> **RECORD EXCERPTS**:
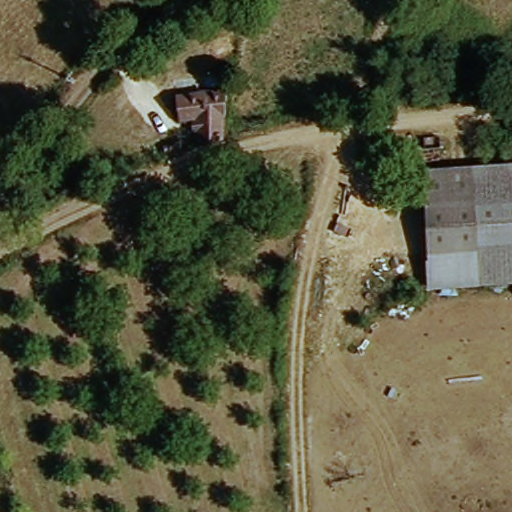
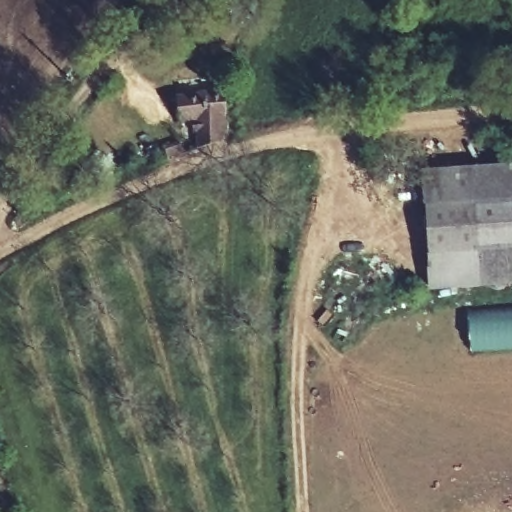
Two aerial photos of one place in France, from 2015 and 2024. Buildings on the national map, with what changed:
unchanged [(190,120),(174,122),(172,94),(221,89),(228,139),(197,148),(196,130),(191,130),(190,120)]
unchanged [(142,163),(136,151),(151,145),(157,158),(142,163)]
unchanged [(421,169),(512,164),(512,279),(428,284),(421,169)]
new [(468,310),(512,307),(512,349),(470,352),(468,310)]

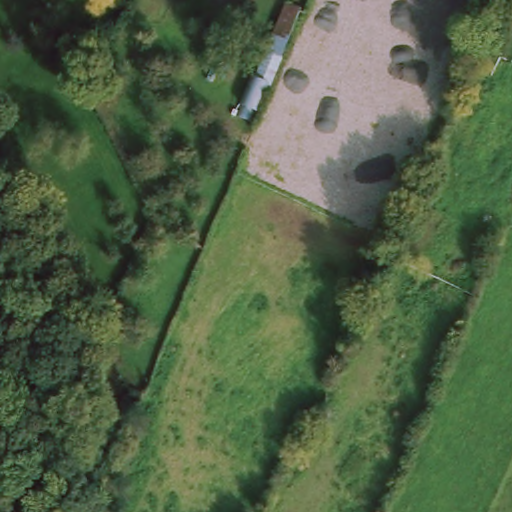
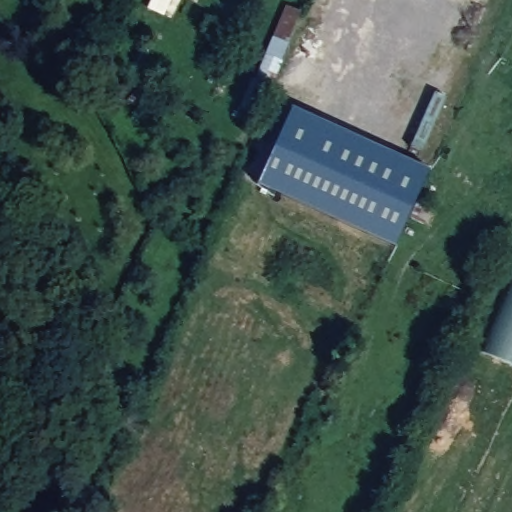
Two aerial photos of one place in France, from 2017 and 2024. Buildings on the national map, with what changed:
new [(300,8),(280,56),(265,50),(285,1),(300,8)]
new [(434,206),(426,224),(410,218),(397,247),(259,184),(294,108),(431,170),(418,199),(434,206)]
demolished [(442,184),(469,129),(512,148),(512,218),(442,184)]
new [(481,351),(512,280),(512,356),(509,363),(495,357),(481,351)]

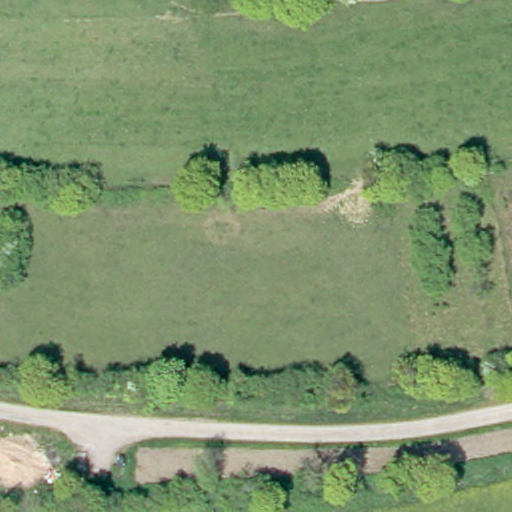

> **AIM OF THE TASK**: Write the material out again exactly. Do not include the pictures.

> **OUTPUT**:
Two aerial photos of one place in France, from 2015 and 2024. Buildings on the national map, with what changed:
unchanged [(190,120),(174,122),(172,94),(221,89),(228,139),(197,148),(196,130),(191,130),(190,120)]
unchanged [(142,163),(136,151),(151,145),(157,158),(142,163)]
unchanged [(421,169),(512,164),(512,279),(428,284),(421,169)]
new [(468,310),(512,307),(512,349),(470,352),(468,310)]

Two aerial photos of one place in France, from 2017 and 2024. Buildings on the national map, with what changed:
new [(300,8),(280,56),(265,50),(285,1),(300,8)]
new [(434,206),(426,224),(410,218),(397,247),(259,184),(294,108),(431,170),(418,199),(434,206)]
demolished [(442,184),(469,129),(512,148),(512,218),(442,184)]
new [(481,351),(512,280),(512,356),(509,363),(495,357),(481,351)]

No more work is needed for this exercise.